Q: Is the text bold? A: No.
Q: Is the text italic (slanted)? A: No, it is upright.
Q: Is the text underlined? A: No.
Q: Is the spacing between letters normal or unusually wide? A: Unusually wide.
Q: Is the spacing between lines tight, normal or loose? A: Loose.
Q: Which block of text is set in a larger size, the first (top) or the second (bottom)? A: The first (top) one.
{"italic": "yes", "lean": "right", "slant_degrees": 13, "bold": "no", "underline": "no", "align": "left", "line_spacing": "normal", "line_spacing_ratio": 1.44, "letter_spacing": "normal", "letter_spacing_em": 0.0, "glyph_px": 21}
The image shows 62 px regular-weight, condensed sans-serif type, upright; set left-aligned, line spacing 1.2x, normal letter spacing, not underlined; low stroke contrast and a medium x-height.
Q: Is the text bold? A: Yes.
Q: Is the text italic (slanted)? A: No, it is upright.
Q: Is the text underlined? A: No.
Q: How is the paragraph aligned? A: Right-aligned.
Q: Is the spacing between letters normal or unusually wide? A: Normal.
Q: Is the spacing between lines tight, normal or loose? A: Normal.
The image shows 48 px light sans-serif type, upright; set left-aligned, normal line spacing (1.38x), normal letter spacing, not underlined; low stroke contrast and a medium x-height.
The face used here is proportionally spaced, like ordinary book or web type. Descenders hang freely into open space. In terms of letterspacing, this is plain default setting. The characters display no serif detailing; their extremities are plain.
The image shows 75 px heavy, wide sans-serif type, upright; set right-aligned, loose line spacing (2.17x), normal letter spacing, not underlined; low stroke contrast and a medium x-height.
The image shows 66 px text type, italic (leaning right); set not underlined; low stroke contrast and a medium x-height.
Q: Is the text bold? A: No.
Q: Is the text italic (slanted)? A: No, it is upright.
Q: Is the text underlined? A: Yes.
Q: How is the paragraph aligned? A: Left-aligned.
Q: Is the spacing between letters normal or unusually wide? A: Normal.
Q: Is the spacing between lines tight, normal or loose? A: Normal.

******

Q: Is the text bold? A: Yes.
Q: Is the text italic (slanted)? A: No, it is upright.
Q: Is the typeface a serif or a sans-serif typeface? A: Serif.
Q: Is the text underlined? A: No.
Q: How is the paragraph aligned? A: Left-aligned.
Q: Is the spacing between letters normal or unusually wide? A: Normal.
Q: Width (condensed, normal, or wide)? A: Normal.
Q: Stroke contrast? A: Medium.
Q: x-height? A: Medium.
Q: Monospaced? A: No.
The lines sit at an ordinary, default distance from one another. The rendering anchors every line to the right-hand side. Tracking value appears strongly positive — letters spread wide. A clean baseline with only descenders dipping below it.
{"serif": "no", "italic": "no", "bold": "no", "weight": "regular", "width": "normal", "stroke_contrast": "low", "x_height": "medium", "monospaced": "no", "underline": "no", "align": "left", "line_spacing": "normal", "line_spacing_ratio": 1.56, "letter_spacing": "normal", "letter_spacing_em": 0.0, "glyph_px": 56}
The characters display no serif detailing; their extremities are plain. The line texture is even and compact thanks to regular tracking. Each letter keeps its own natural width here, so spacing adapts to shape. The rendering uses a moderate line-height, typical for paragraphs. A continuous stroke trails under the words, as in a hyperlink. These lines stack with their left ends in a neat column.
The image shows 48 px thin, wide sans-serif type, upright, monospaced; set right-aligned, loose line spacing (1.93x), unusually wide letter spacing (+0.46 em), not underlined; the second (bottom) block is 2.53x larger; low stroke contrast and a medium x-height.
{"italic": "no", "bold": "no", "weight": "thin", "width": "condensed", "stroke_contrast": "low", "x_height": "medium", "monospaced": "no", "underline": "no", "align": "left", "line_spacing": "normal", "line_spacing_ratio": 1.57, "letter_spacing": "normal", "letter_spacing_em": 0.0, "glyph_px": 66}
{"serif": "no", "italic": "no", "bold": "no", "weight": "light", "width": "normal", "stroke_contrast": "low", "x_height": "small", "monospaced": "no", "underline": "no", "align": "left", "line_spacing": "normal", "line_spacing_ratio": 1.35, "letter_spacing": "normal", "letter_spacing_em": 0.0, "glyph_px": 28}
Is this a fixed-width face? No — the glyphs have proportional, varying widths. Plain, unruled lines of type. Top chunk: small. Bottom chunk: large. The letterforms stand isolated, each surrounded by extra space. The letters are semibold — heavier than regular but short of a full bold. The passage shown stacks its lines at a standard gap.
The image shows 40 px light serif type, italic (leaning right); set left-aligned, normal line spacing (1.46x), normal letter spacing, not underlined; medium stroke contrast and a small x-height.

******

■ **Assigned task**
How many lines of the entries hold the word "characters"? Respond with the number alone.

■ **Output for this task**
2